REQUIRED WORK: Should an entry contain an image, omit it and repeat the rest exactly.

SOURCE RECORDS:
--------

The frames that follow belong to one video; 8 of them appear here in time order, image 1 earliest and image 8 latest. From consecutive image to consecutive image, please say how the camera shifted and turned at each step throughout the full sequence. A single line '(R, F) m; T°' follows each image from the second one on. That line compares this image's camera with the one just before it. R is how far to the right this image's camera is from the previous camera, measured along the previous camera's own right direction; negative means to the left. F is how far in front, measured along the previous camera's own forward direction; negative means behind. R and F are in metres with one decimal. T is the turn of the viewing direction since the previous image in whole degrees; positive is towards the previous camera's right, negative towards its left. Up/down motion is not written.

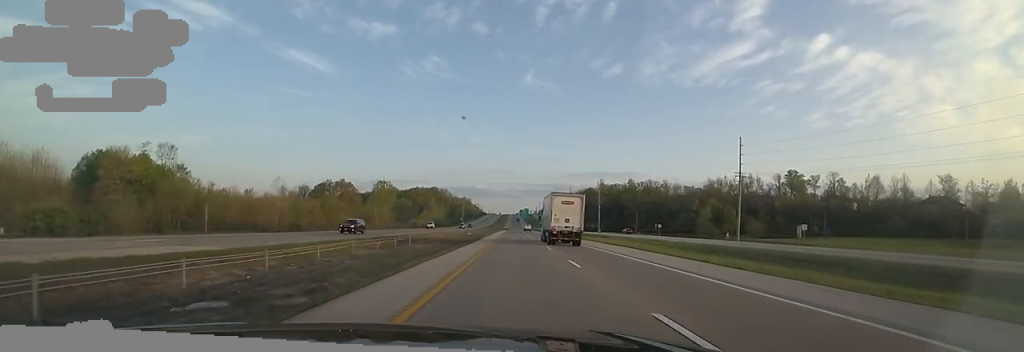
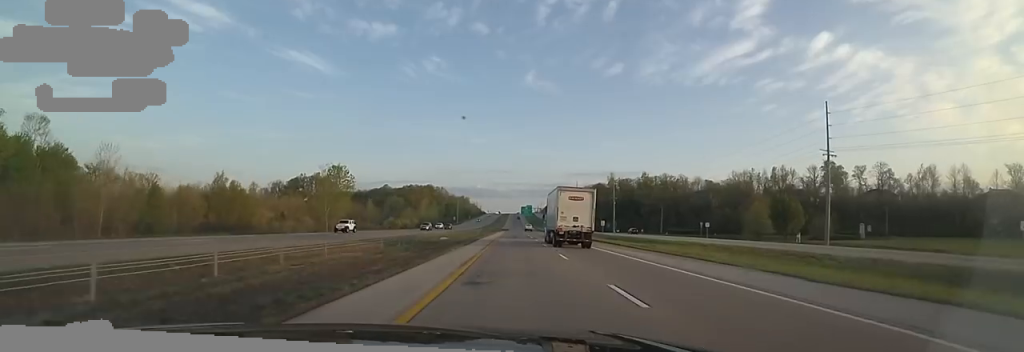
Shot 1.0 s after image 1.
(+0.5, +32.8) m; 0°
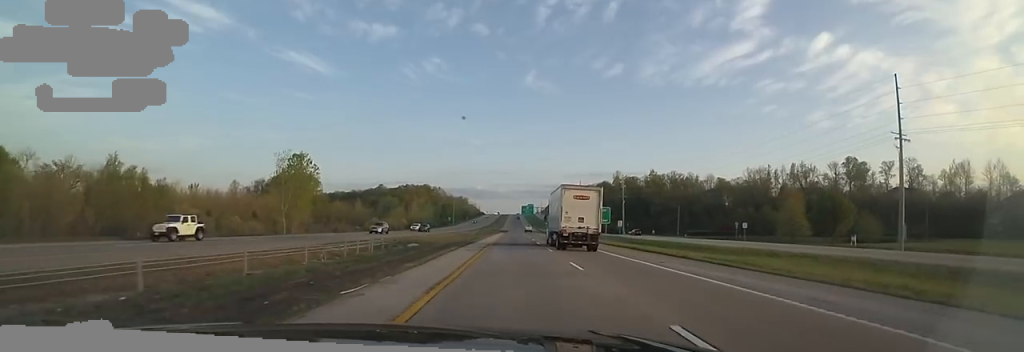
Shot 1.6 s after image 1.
(-0.2, +16.8) m; 0°
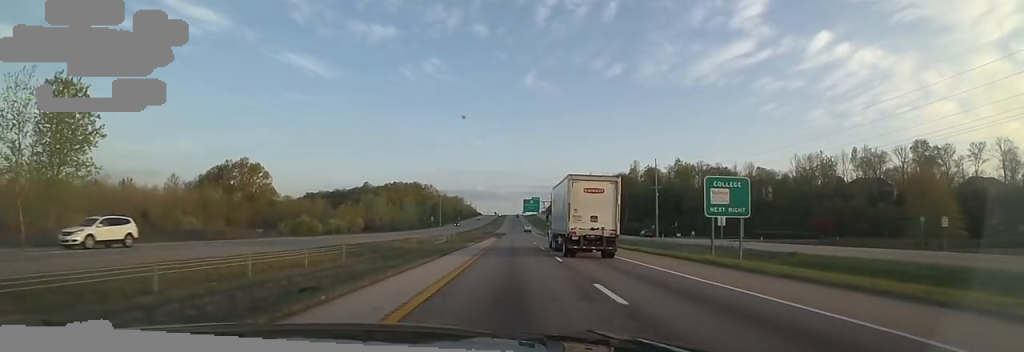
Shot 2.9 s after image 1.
(+0.2, +43.4) m; 0°
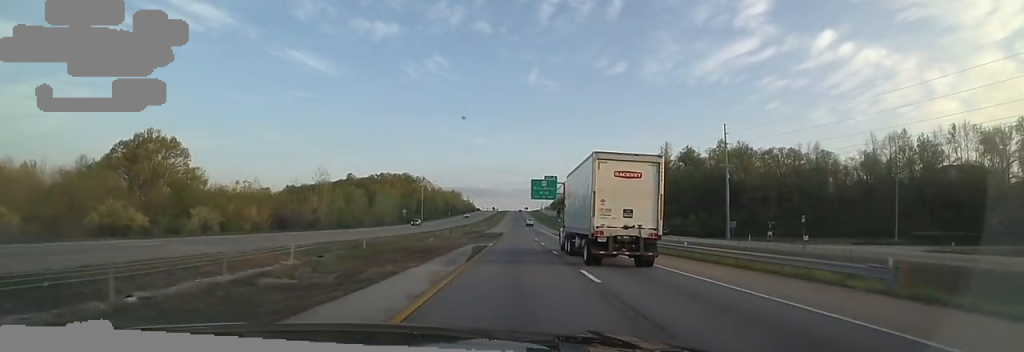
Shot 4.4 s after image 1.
(-0.4, +46.2) m; 0°
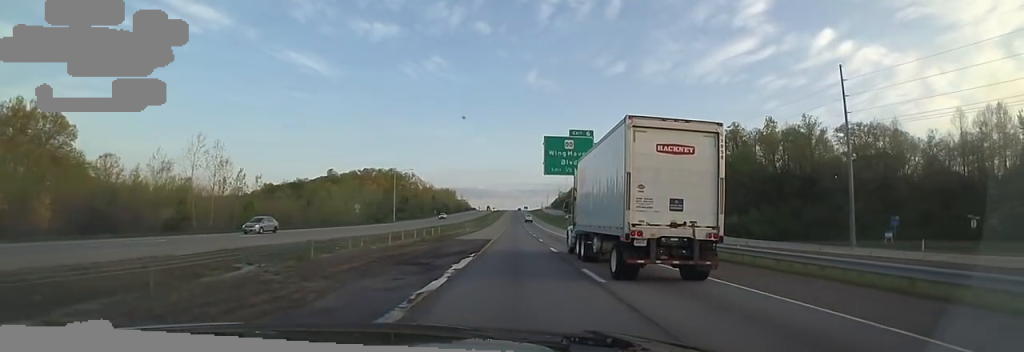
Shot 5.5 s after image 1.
(+0.2, +37.6) m; -1°
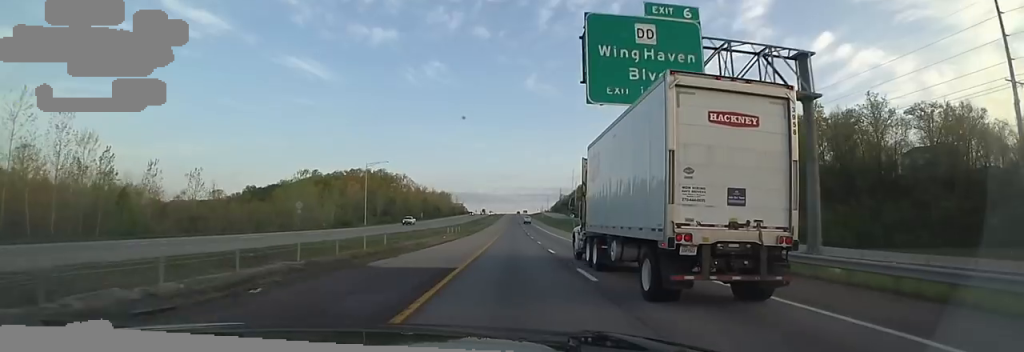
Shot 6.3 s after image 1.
(-0.3, +24.2) m; 0°
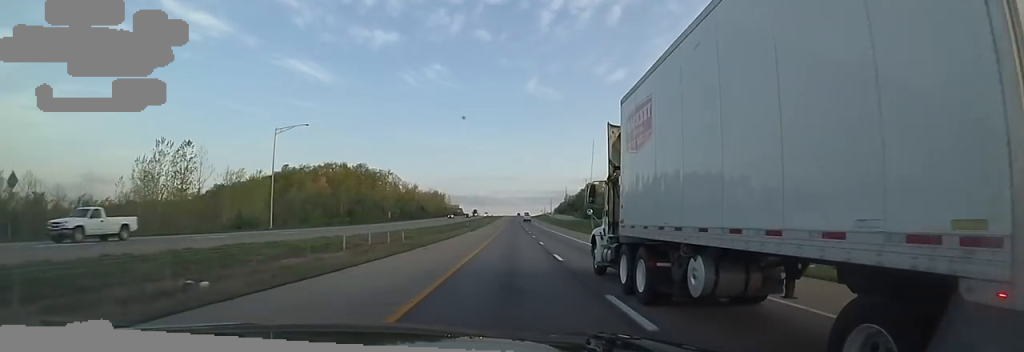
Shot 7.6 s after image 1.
(+1.4, +41.2) m; +3°

--------

RESPONSE BOX:
The frames that follow belong to one video; 8 of them appear here in time order, image 1 earliest and image 8 latest. From consecutive image to consecutive image, please say how the camera shifted and turned at each step throughout the full sequence. A single line '(R, F) m; T°' follows each image from the second one on. That line compares this image's camera with the one just before it. R is how far to the right this image's camera is from the previous camera, measured along the previous camera's own right direction; negative means to the left. F is how far in front, measured along the previous camera's own forward direction; negative means behind. R and F are in metres with one decimal. T is the turn of the viewing direction since the previous image in whole degrees; positive is towards the previous camera's right, negative towards its left. Up/down motion is not written.

Shot 1.0 s after image 1.
(+0.5, +32.8) m; 0°
Shot 1.6 s after image 1.
(-0.2, +16.8) m; 0°
Shot 2.9 s after image 1.
(+0.2, +43.4) m; 0°
Shot 4.4 s after image 1.
(-0.4, +46.2) m; 0°
Shot 5.5 s after image 1.
(+0.2, +37.6) m; -1°
Shot 6.3 s after image 1.
(-0.3, +24.2) m; 0°
Shot 7.6 s after image 1.
(+1.4, +41.2) m; +3°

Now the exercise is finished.